O problema emerge quando, como no caso de Leça, a obra de arte está no espaço público e foi adquirida com dinheiros públicos. Como muitos argumentaram, a obra foi paga com os impostos daqueles que nunca dariam um cêntimo por uma obra de Cabrita Reis, pois não a compreendem, sentem-se ofendidos no seu sentimento estético e na sua ideia do que deve ser uma obra de arte. Este conflito entre a autonomia do artista e o gosto do público não tem solução. A autonomia do artista e da arte são bens que os artistas preservam como tão importantes quanto a vida e não é crível que uma massiva educação escolar tenha poder de alterar radicalmente o gosto do público.
Curioso em tudo isto é o papel dos agentes políticos dentro desta tensão. A sua decisão de escolherem artistas que o público não gosta tem um resultado paradoxal. Transforma uma diferença de percepção do que é ou deve ser a arte num diferendo em que, como no caso de A Linha do Mar, o antagonismo ultrapassa em muito um mero desacordo. Basta ler muitos dos comentários para perceber o grau de rancor e ressentimento que envolve a apreciação do trabalho do escultor. A presença do político gera uma explosão.

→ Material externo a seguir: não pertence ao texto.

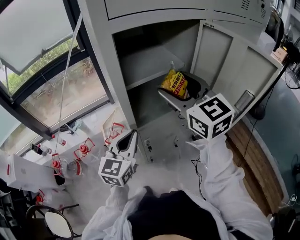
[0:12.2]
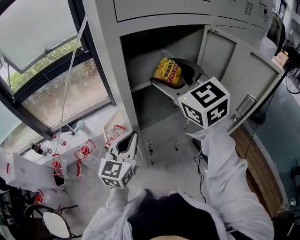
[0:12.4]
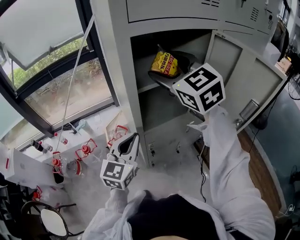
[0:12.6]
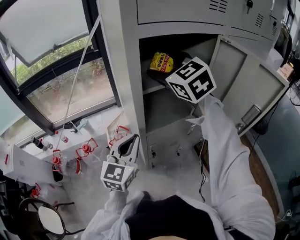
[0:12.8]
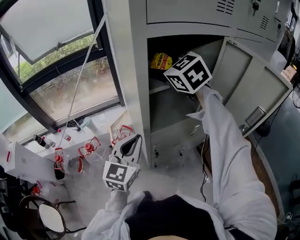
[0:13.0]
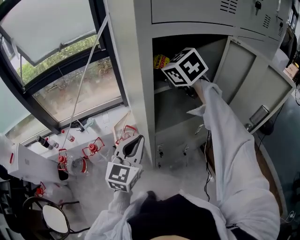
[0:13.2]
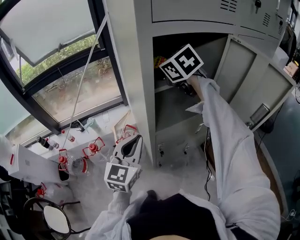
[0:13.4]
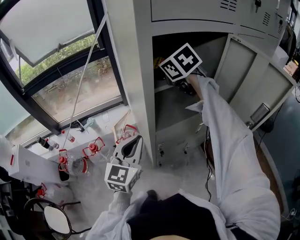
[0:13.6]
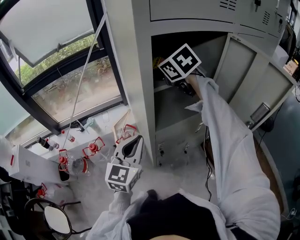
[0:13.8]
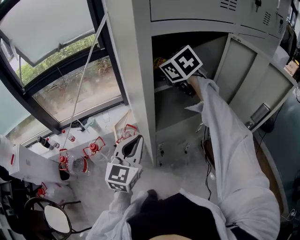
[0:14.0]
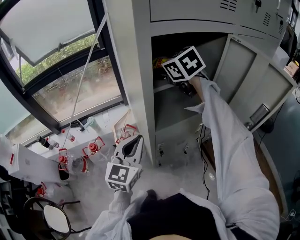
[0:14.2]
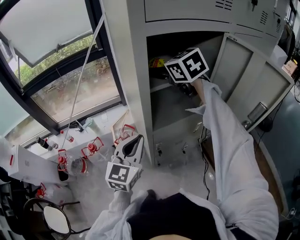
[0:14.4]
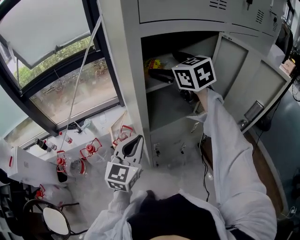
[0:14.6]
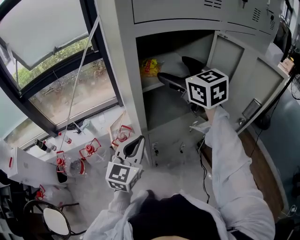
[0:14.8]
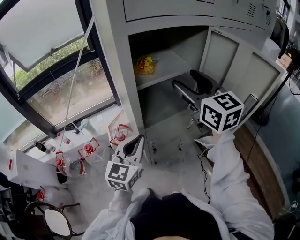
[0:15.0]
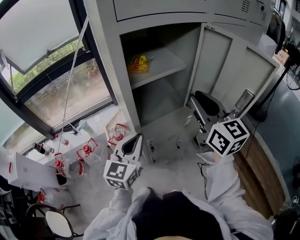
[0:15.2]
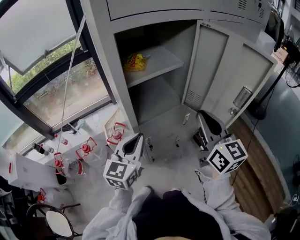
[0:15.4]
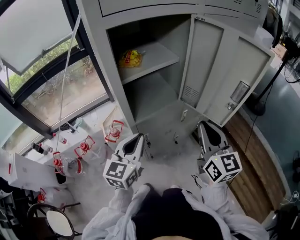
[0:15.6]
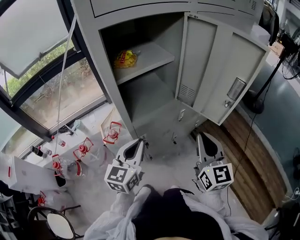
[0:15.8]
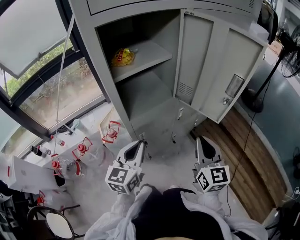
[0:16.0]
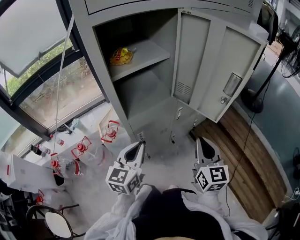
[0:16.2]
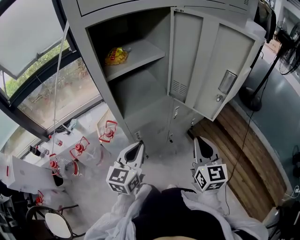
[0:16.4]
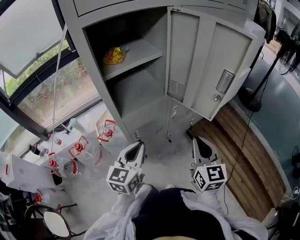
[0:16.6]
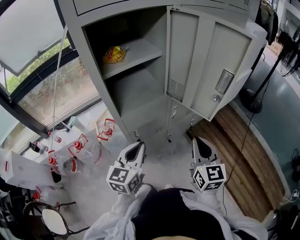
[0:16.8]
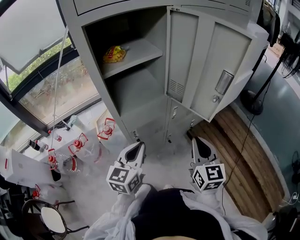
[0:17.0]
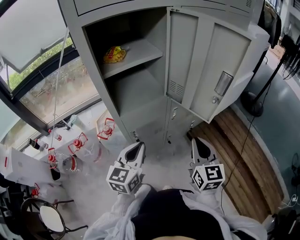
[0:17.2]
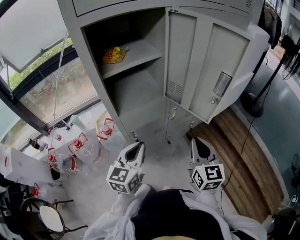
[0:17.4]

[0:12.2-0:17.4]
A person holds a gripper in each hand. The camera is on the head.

Todavia, esta explosão, gerada pela presença do elemento político, tem uma função iluminadora e isso é o outro lado do paradoxo. O público incapaz de perceber a obra de arte é posto perante o facto desta obra. Ela está ali e está iluminada pela polémica. Vai ser obrigado a olhar para ela e começar a vê-la. Ela saiu do espaço da indiferença sombria para uma clareira de onde o olhar não se pode desviar. Sem dar por isso, o público é invadido pela obra e esta começa a trabalhá-lo, a educar-lhe o olhar através do hábito da presença. A imaginação, de forma secreta, estabelece relações inesperadas, o que era negativo e tenebroso transforma-se lentamente no seu contrário. A coisa conceptual gerada na mente do artista torna-se também numa coisa conceptual na mente do espectador. Sentidos começam a nascer, linhas hermenêuticas abrem uma brecha no sentimento estético e começam a iluminá-lo. E isto será o que se pode esperar de uma obra de arte.